Solar
und an den Wänden hingen nur einige wenige Bilder, zumeist Lithographien von Tanzstudien. Melissa hatte auch eine kleine Skulptur, eine Figur von Henry Moore. Leere Flächen rechtfertigten sich durch ihren staubfreien Glanz.
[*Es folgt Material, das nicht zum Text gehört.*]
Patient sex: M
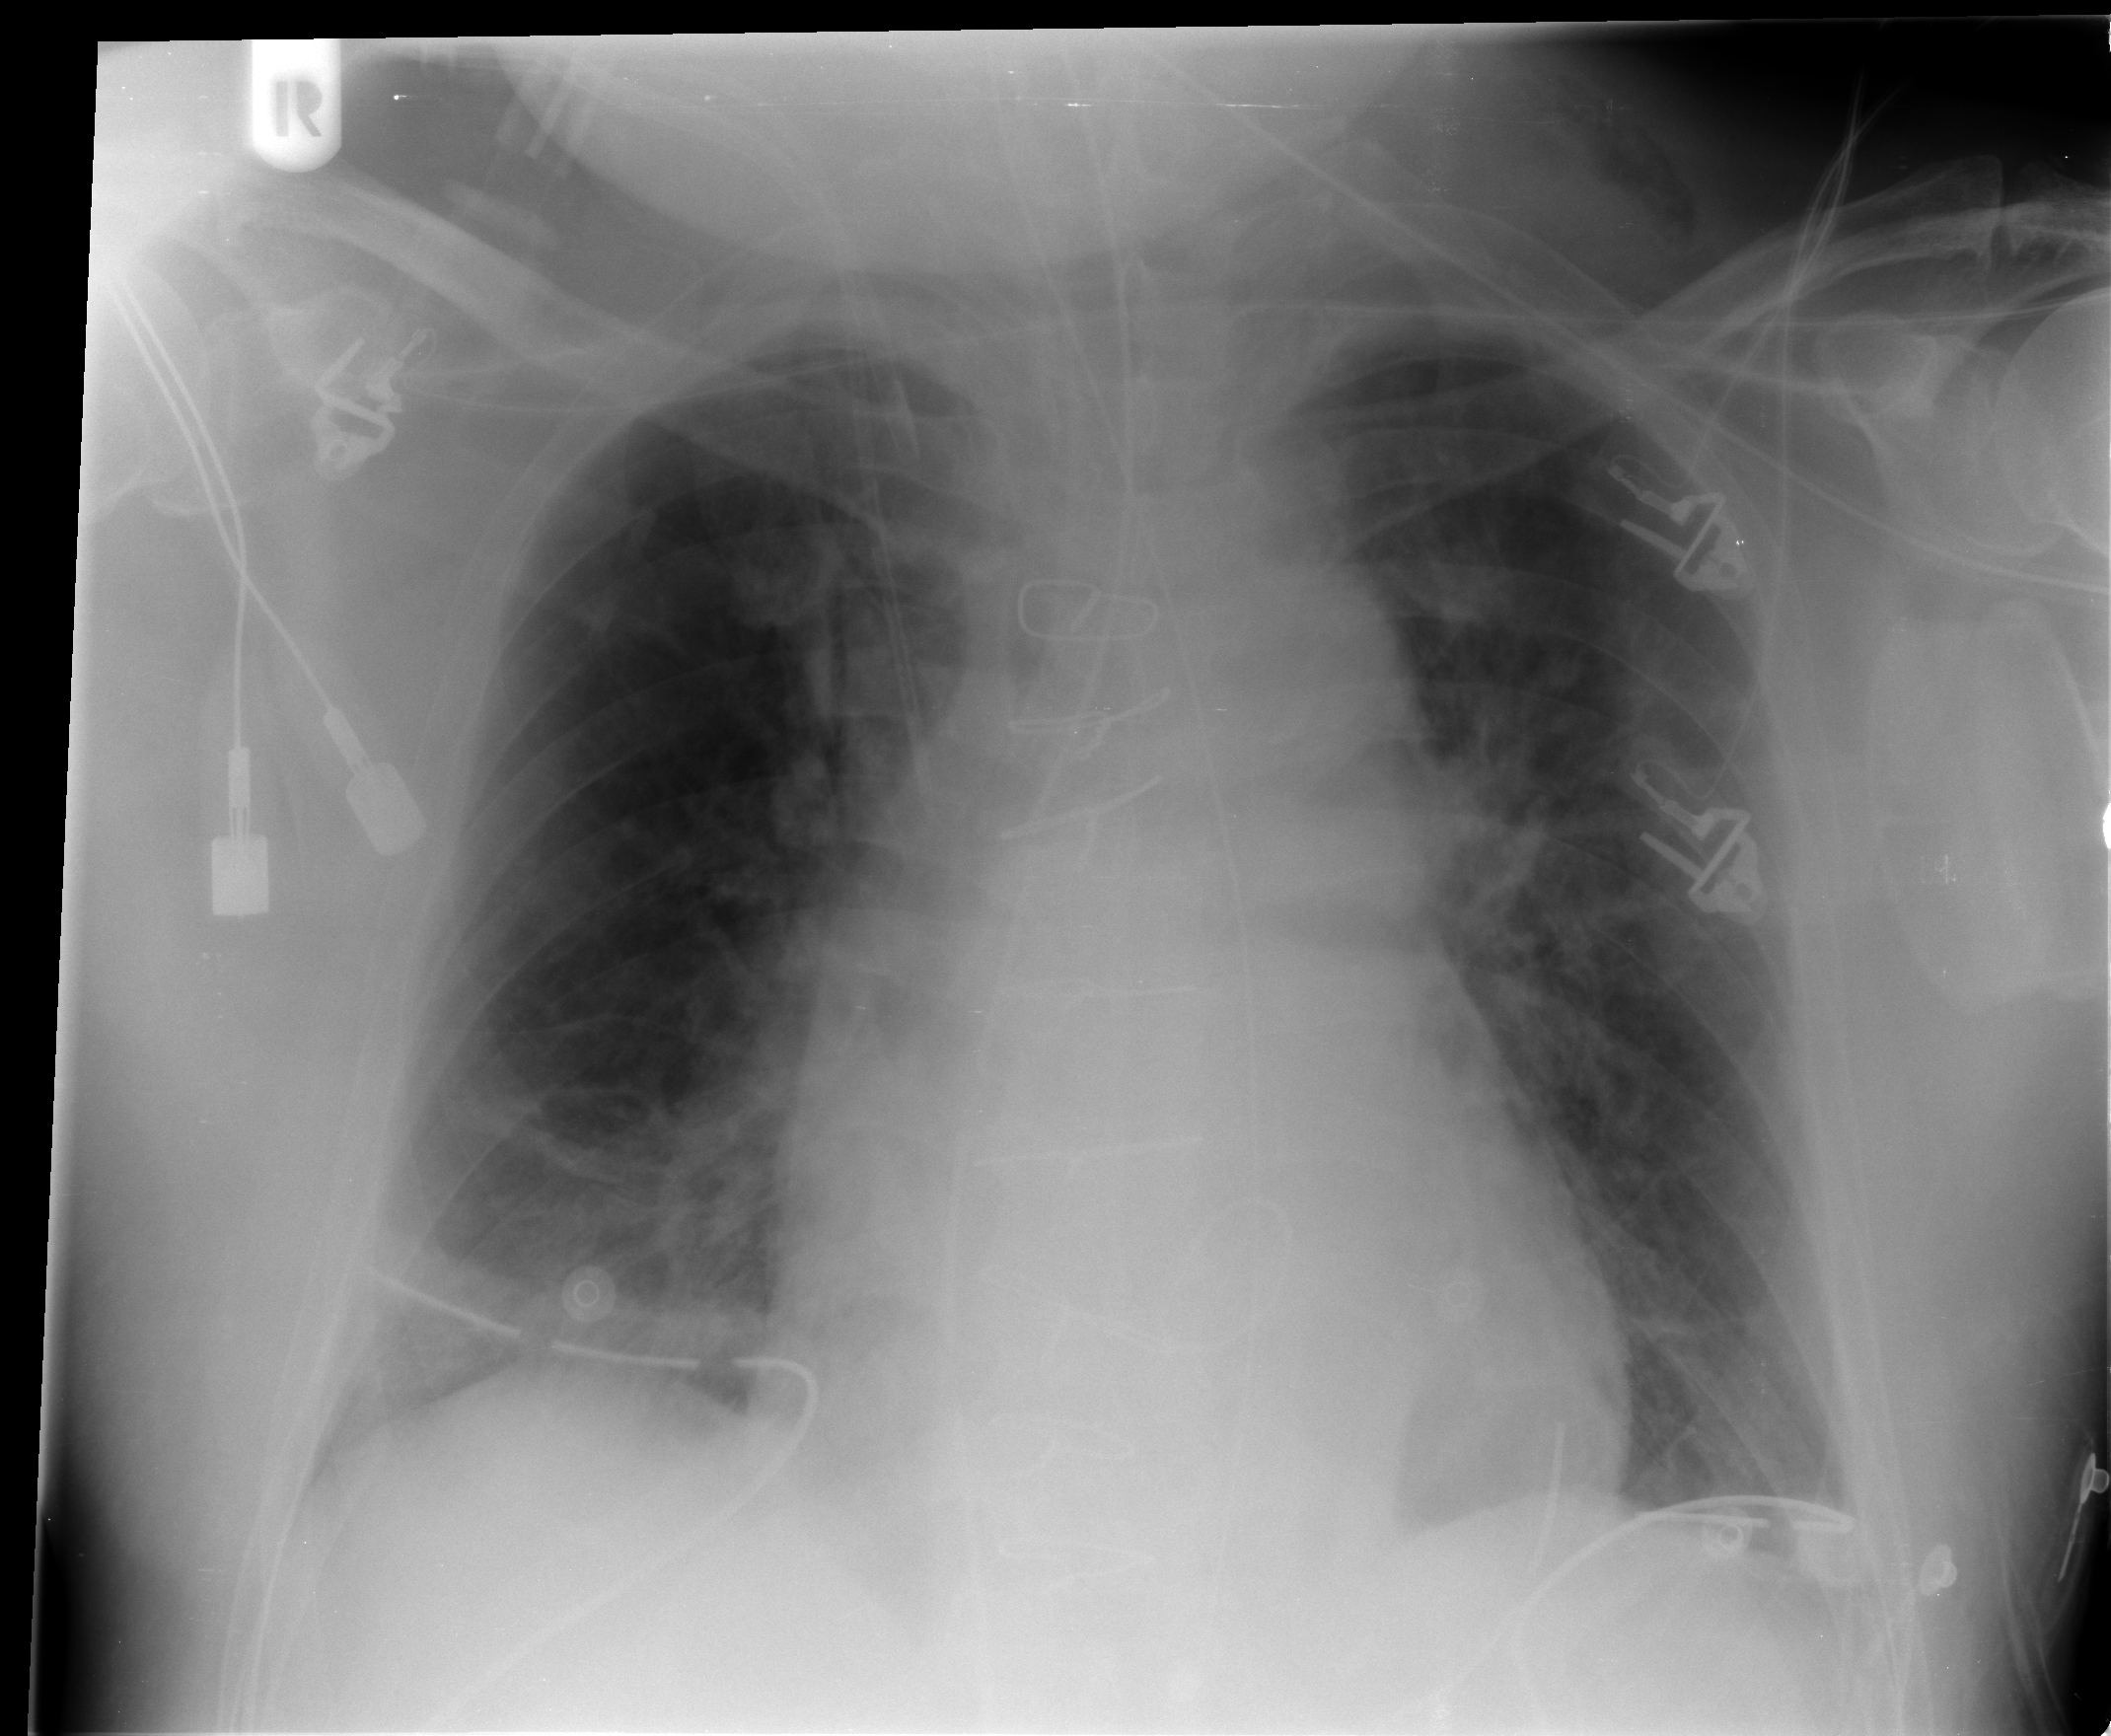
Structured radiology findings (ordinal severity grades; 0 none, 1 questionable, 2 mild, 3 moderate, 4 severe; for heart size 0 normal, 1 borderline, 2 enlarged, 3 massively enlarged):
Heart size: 2
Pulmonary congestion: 2
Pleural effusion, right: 0
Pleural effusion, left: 0
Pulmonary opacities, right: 1
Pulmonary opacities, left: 0
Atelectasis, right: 2
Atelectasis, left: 1
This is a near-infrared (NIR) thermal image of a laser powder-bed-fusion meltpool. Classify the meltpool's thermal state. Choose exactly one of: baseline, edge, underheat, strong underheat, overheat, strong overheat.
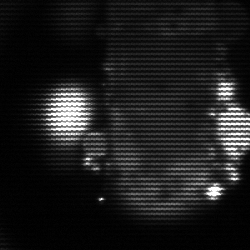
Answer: strong underheat
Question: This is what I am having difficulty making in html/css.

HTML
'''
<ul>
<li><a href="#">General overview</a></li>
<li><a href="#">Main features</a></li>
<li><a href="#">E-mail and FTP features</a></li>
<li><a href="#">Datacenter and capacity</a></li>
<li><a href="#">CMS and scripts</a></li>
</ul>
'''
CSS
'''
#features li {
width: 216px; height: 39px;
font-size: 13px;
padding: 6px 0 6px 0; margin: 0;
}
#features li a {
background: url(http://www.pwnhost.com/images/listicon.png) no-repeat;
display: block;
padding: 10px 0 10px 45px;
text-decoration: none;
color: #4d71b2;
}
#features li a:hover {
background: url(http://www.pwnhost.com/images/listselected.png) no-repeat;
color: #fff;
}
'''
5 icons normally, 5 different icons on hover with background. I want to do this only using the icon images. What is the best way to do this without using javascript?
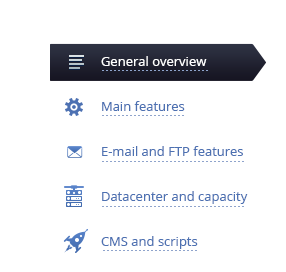
Answer: Those look like Entypo icons, which would make it even easier to do. I use Font Awesome, but it's the same concept.
<URL>
<URL>
Essentially, on hover, when the text changes
Heres a fiddle for you with code!
<URL>
HTML
'''
<ul>
<li><i class="fa fa-bookmark"></i> Book Mark</li>
<li><i class="fa fa-rocket"></i> Lets Fly</li>
<li><i class="fa fa-gears"></i> Settings</li>
<li><i class="fa fa-warning"></i> Error Messages</li>
</ul>
'''
CSS
'''
@import url("//netdna.bootstrapcdn.com/font-awesome/4.0.3/css/font-awesome.css");
ul {
width: 200px;
height: auto;
margin: 0;
padding: 0;
background: #1c6e86;
list-style-type: none;
}
li {
padding: 5px 0 5px 10px;
line-height: 25px;
color: #113945;
display: block;
cursor: pointer;
}
li:hover {
background: #113945;
color: #fff;
}
li .fa {
margin: 0 20px 0 0;
}
'''
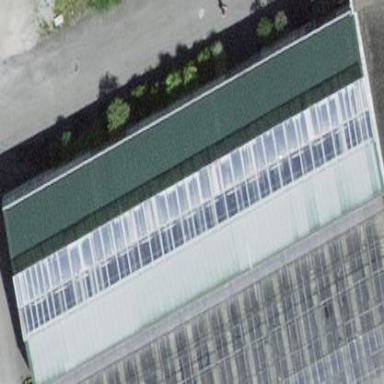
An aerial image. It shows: Greenhouse.
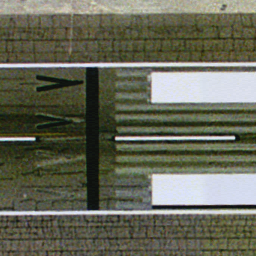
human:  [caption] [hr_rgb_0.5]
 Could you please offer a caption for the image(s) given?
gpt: There are some mark lines on the straight runway .

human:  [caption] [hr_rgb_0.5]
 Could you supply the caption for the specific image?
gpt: It is a straight runway with some mark lines on it .

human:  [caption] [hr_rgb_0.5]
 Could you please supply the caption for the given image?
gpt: A straight runway with some mark lines on it .

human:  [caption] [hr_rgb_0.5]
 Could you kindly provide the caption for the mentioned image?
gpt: It is a straight runway with some white mark lines on it .

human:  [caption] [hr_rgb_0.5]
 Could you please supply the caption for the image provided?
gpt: A straight runway with some white mark lines on it .
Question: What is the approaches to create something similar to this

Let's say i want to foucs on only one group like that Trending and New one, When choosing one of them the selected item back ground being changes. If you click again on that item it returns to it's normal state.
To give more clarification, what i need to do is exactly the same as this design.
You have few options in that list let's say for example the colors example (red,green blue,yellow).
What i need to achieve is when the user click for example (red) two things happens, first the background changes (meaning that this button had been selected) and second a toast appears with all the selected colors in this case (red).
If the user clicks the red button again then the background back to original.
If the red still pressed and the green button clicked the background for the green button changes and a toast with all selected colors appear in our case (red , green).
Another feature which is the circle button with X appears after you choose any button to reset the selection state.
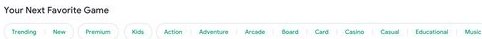
Answer: You could create a drawable with selector as its root element, with different states for pressed/selected. You could also toggle the buttons background color in its onClickListener
'''
<Button
android:id="@+id/button1"
android:background="@drawable/selector_xml_name"
android:layout_width="200dp"
android:layout_height="126dp"
android:text="Hello" />
'''
'''
<item android:drawable="@drawable/numpad_button_bg_selected" android:state_selected="true"></item>
<item android:drawable="@drawable/numpad_button_bg_pressed" android:state_pressed="true"></item>
<item android:drawable="@drawable/numpad_button_bg_normal"></item>
</selector>
'''
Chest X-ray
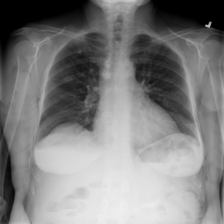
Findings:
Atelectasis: negative
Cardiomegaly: negative
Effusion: positive
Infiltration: positive
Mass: negative
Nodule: positive
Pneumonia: negative
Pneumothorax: negative
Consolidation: negative
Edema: negative
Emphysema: negative
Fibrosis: negative
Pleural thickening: negative
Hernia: negative
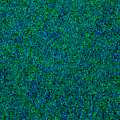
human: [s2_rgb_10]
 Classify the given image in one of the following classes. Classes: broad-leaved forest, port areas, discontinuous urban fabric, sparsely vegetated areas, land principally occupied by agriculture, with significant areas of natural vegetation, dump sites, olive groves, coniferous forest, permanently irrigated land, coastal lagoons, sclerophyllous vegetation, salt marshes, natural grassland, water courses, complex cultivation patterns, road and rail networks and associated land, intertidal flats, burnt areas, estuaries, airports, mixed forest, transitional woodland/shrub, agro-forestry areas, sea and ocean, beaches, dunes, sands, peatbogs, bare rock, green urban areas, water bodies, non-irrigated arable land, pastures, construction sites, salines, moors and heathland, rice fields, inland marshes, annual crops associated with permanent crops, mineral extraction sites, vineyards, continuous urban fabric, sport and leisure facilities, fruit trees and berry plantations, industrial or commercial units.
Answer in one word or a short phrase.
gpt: sea and ocean
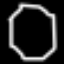
Label: octagon
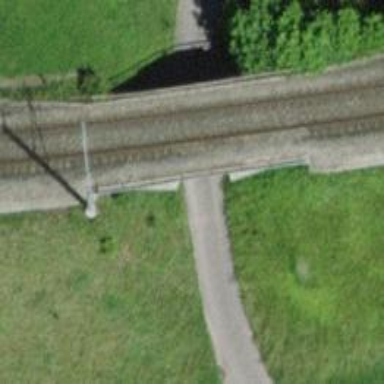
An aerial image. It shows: Well-maintained track road with grade 1 tracktype.
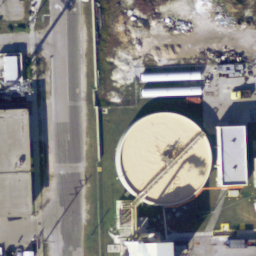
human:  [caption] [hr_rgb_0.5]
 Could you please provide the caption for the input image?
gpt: There is a water tank on the lawn.

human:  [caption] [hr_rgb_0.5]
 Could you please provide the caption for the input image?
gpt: There is a container on the lawn.

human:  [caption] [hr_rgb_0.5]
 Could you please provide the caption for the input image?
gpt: There is a storage tank on the lawn.

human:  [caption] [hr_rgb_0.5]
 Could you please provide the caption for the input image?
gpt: There is a tank on the lawn.

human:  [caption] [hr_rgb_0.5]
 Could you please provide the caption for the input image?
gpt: There is a container on the lawn.
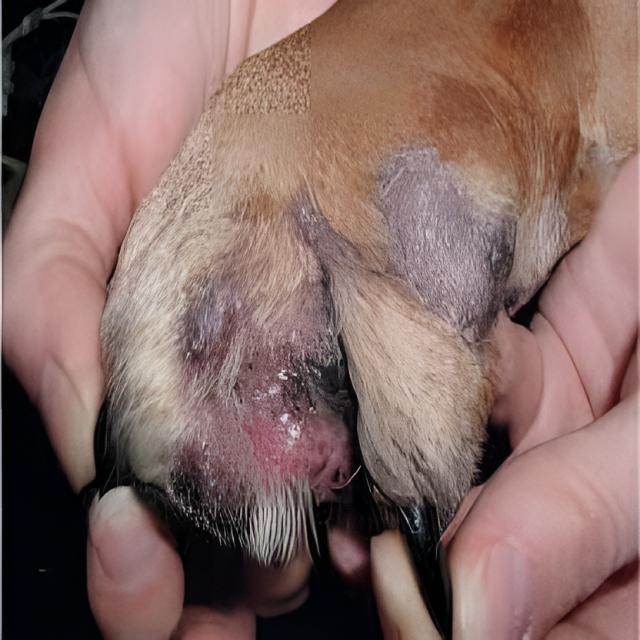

Im Schlafzimmer lagen keine Kleider herum, und das Bett, glatt wie ein Mühlteich, stand in seiner Größe denen in amerikanischen Hotels in nichts nach. Beard brachte es fertig, die Atmosphäre einer solchen Wohnung binnen weniger Minuten zu zerstören, dazu musste er sich nur hinsetzen, sich aus seinem Mantel wursteln, seine Aktentasche aufmachen und die Schuhe ausziehen - er fühlte sich nur zu Hause, wenn er keine Schuhe anhatte. Dennoch, Melissas Wohnung beeindruckte ihn, sie war für ihn der Inbegriff geistiger Freiheit; er gab sich alle Mühe, sie nicht in Unordnung zu bringen, teilweise sogar mit Erfolg.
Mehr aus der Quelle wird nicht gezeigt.